In the meantime, critics charge that little has been done to advance the Marshall project.

The group used $150,000 to purchase a plot of land from Uniontown businessman Jesse Risha, who in 1994 pleaded guilty and received a federal prison term on charges of tax evasion and money laundering stemming from his video poker machine operation. The site is across the street from where Marshall's boyhood home once stood.

Cluss said "another $50,000 or so" was spent to "enhance the land" and open a creek running through the property at the intersection of Main and Fayette streets and Mt. Vernon Avenue.

Four years after the WAM grant award, state Auditor General Barbara Hafer attacked The Friends of Marshall for its lack of progress. Her office audited the project, but found no illegality.

"Although the group's expenditures were not legally improper, some of them were not well advised," Hafer said in December 1996. "There is little money left and little progress toward the group's lofty goal of constructing a memorial and visitor's center honoring Gen. Marshall."

Marshall was chief of staff of the Armed Forces during World War II. He later become secretary of defense and secretary of state. He authored the Marshall Plan, which saved post-World War II Europe from starvation.

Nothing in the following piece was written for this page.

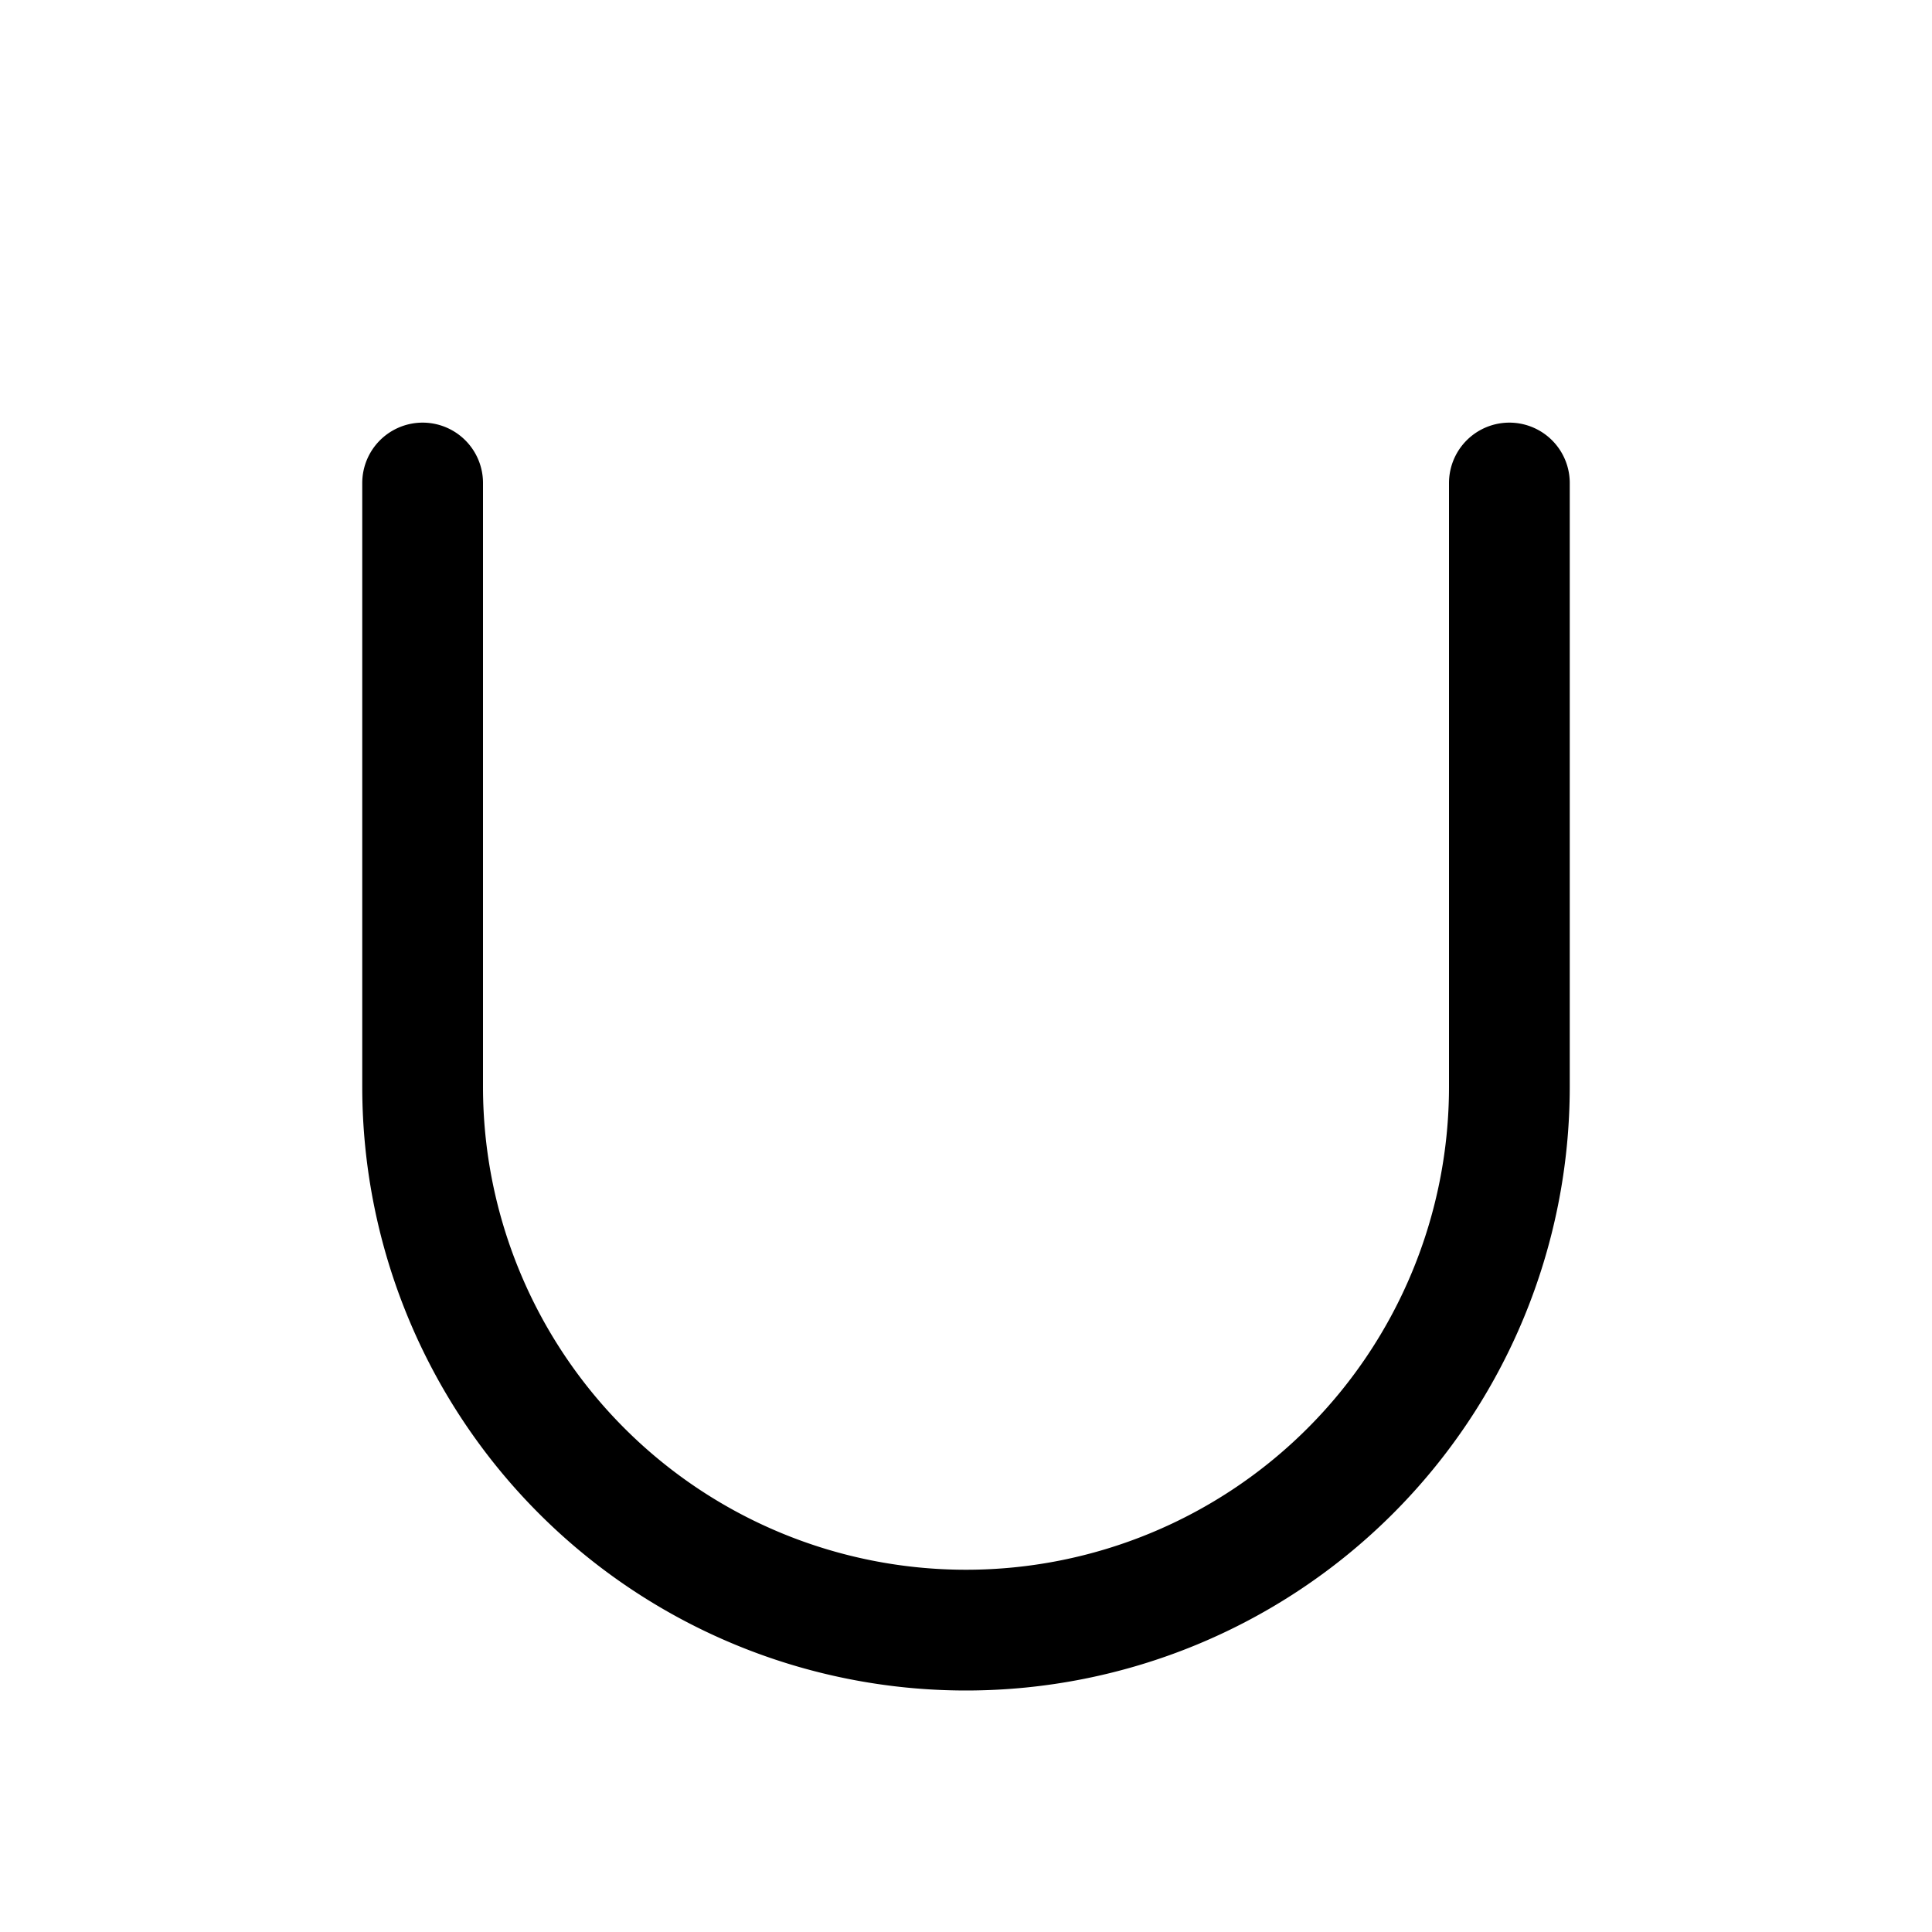 <svg xmlns="http://www.w3.org/2000/svg" viewBox="0 0 256 256"><rect width="256" height="256" fill="none"/><path d="M200,64v80a72,72,0,0,1-144,0V64" fill="none" stroke="currentColor" stroke-linecap="round" stroke-linejoin="round" stroke-width="16"/></svg>

In 1953 he won the Nobel Peace Prize.

"We started with a grand scheme, but we could never raise the money to support it," Cluss conceded. "We're back to what we can accomplish. We're doing it in little bits and pieces."

Cluss last week took umbrage at further scrutiny of the project, saying it's been audited twice by the state. He admitted that the original plans - which included the center and a sculpture of Marshall - have been scrapped for lack of money.

"If we knew then what we know now, we'd have done it differently. You can be as critical as you want about the first grant money, but that's history. We've been audited and we can account for every penny. The worst thing that can happen is more negative publicity that will stop people from donating," Cluss said.

Bad press hasn't forced the organization to shy away from public funds and private donations.

Cluss said the group is waiting for a $150,000 federal appropriation from the Department of Housing and Urban Development to complete the project. U.S. Rep. Frank Mascara - who helped secure the appropriation - announced in October 1997 that the money had been set aside by HUD.

The Eberly Foundation donated $150,000 to the cause. Other private contributions have been collected, but Cluss refused to release those figures.

Cluss refuses to discuss many aspects of the project in specific terms.

He would not identify the project's contractors, who are working under the management of Fairchance Construction. The firm is being paid a management fee of $15,000 to oversee construction work totaling about $380,000.

He insists the project - which has not been advertised for bids - is being competitively bid, but would not identify how contracts have been awarded. He said the Fairchance firm was "picked through experience."

"I can tell you, but I don't choose to at the moment. To my knowledge, we don't have to advertise. But I will say that the competition is as fair as if I would be using my own money," Cluss said. "We're going to build this in accordance with sound, honest business practices."